Фильмы Хичкока быстрее посмотреть, чем пересказать. Но если это все же сделать, то бросится в глаза идиотизм тех справедливо забытых бульварных романов, которые он превращал в шедевры.
Пример Хичкока намекает на универсальный закон искусства: художник часто обретает дар по пути вниз, а не вверх. Опускаясь к низкому жанру, мастер поднимает его до себя, когда тянется за высоким, теряет нажитое.
“Кто стоит на цыпочках, – говорил Лао Цзы, – нетвердо держится на ногах”.

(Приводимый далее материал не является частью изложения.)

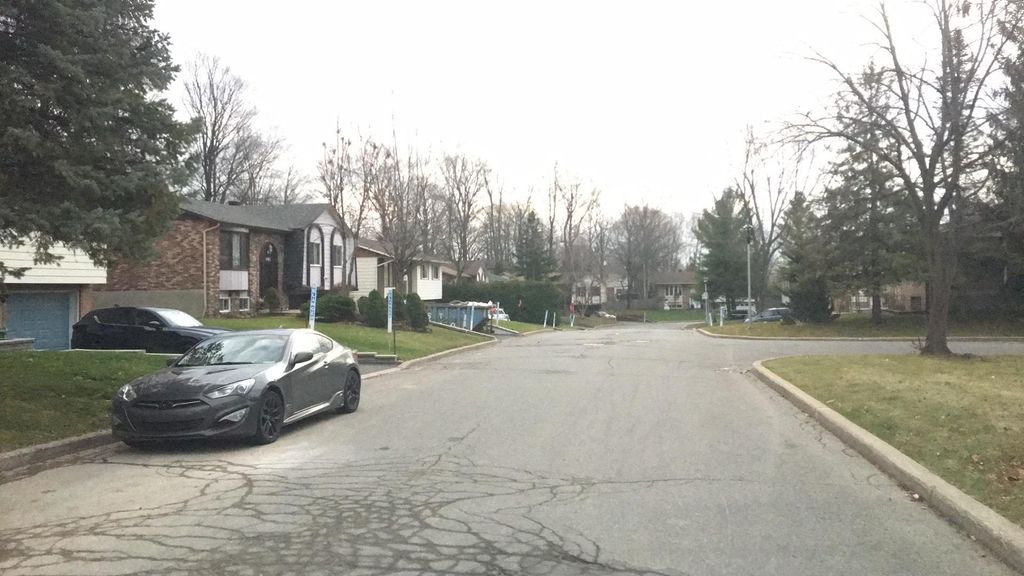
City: montreal

В дешевом детективе Хичкок умел найти мифостроительный материал, и в трупе он видел вызов искусству. Впрочем, о содержании своих фильмов Хичкок не говорил, идеи не обсуждал и сердился, когда это делали другие. “Спрашивать меня, о чем фильм, – повторял он, – так же нелепо, как задавать художнику вопросы о вкусе яблок, которые он рисует”.
Что-то во мне резонирует каждый раз, когда я приезжаю в края, где вырос. Возможно – характер дождя, вероятно – рисунок лужи, наверняка – облака, заменяющие горы этой плоской земле.

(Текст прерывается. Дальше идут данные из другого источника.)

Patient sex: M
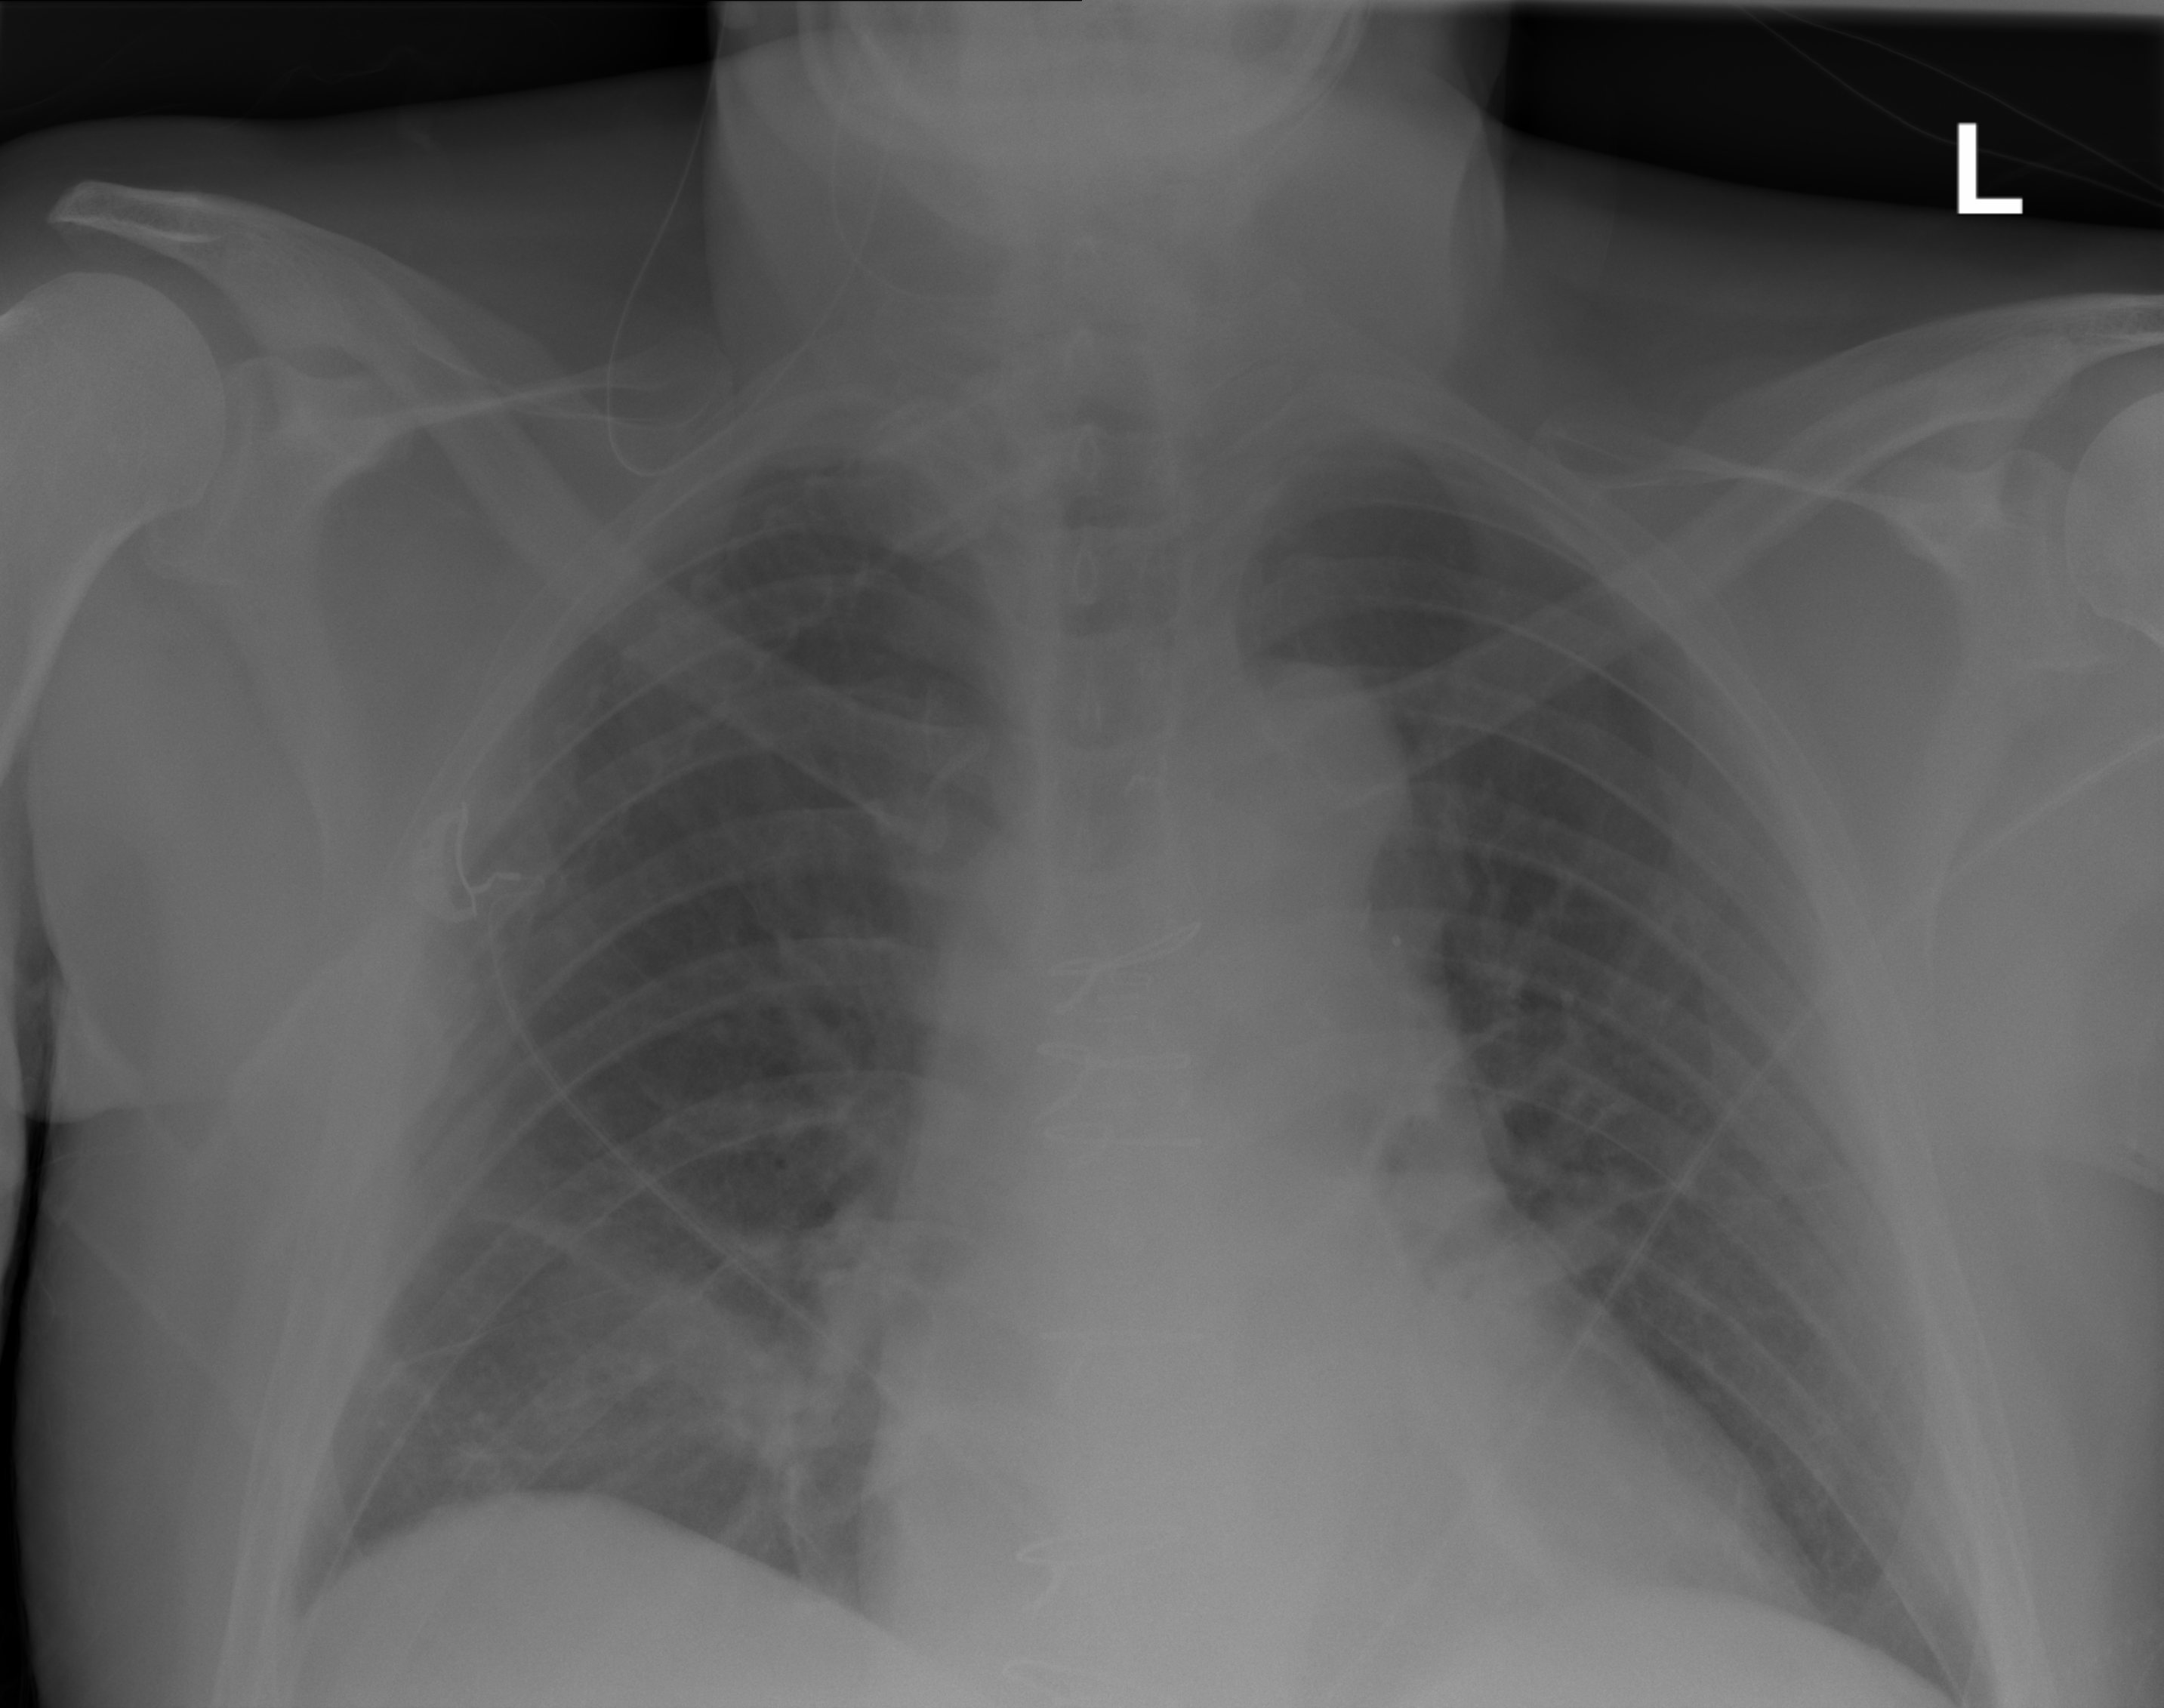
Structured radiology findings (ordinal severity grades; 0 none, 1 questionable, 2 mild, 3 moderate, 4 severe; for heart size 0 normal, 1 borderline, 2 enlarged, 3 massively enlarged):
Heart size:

Приезжая сюда, я чувствую себя, как будто уже умер. Мне встречаются все, кого я знал, любил и забыл. Родной город щедро вписал мою историю в свою. В пионеры, скажем, меня принимали в могучей Пороховой башне. Я, конечно, и не догадывался, что задолго до этого будущий идеолог нацистов Альфред Розенберг разбогател, продав голубиный помет, накопившийся в том же, тогда еще вакантном, бастионе.
Не зная, что делать с лишней историей, прежняя власть уподобляла ее вторсырью, употребляя вопреки назначению. В мое время Рижский замок опять стал дворцом, но не президента, а тех же пионеров, из которых меня рано выгнали.
И все же, когда мы жили вместе, Рига служила нам, как другим Одесса, окном в Европу. Но Рига была не та Европа: Ганза, красный кирпич, белесая Балтика. Вместо средиземноморской культуры с ее умным, вороватым взглядом эта была цивилизацией пива с оловянными глазами купцов, вроде тех, что писали Гольбейн и Дюрер.
Живя здесь, я познал не свою историю. Не выучил, а принял в себя, чтобы она накопилась в складках души, как плавание – в мышцах тела. История пользовалась самым массовым из всех искусств – архитектурой. Поэтому я всегда считал естественным кривоколенное устройство переулков, тормозящих продвижение врага и глаза. Уклончивое зодчество бюргеров ставит всякой прямой палки в колеса. Из-за этого тут лучше передвигаться либо верхом, либо спешившись. В Риге нет не истертого мною булыжника, но я так и не исчерпал ее улиц. Все они ведут к кафедральному собору со знаменитым органом. Играющего на нем не видно за трубами, но даже когда он выходит кланяться, овации (показывает жестом музыкант) принадлежат инструменту.